[Data excerpts]
----

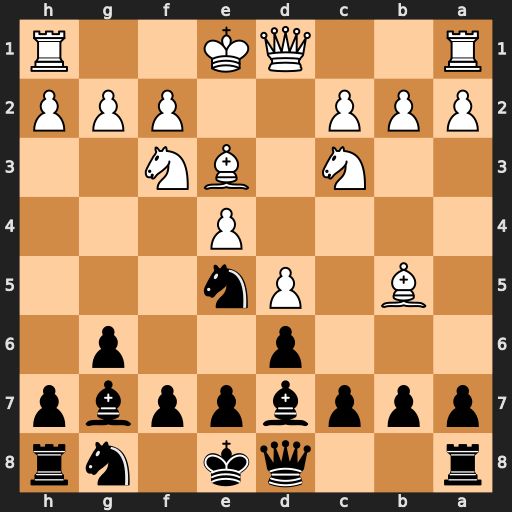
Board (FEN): r2qk1nr/pppbppbp/3p2p1/1B1Pn3/4P3/2N1BN2/PPP2PPP/R2QK2R
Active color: b
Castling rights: KQkq
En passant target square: -
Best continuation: Nxf3+ Qxf3 Bxc3+ bxc3 Bxb5
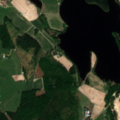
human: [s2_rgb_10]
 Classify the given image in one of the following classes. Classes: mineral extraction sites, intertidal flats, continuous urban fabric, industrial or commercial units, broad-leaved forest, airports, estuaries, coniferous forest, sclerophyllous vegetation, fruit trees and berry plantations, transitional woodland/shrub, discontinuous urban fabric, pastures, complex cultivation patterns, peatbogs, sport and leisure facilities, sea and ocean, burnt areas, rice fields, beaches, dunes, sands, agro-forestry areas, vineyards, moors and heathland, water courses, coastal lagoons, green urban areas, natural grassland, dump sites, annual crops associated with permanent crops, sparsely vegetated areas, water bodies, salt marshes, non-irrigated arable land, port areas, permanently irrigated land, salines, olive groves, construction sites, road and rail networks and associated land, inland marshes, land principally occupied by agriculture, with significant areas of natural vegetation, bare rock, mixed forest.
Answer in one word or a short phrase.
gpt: non-irrigated arable land, land principally occupied by agriculture, with significant areas of natural vegetation, coniferous forest, mixed forest, water bodies
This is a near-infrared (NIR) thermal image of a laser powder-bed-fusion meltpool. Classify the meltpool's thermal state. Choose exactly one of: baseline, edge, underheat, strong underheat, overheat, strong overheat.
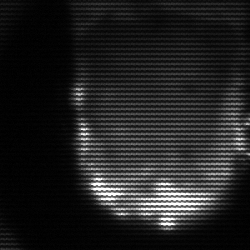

----

◆ Required work
The lines from the top of the data above through the one holding "human: [s2_rgb_10]" are to be repeated exactly, and only those, with no pictures.

◆ Problem solution
Board (FEN): r2qk1nr/pppbppbp/3p2p1/1B1Pn3/4P3/2N1BN2/PPP2PPP/R2QK2R
Active color: b
Castling rights: KQkq
En passant target square: -
Best continuation: Nxf3+ Qxf3 Bxc3+ bxc3 Bxb5
human: [s2_rgb_10]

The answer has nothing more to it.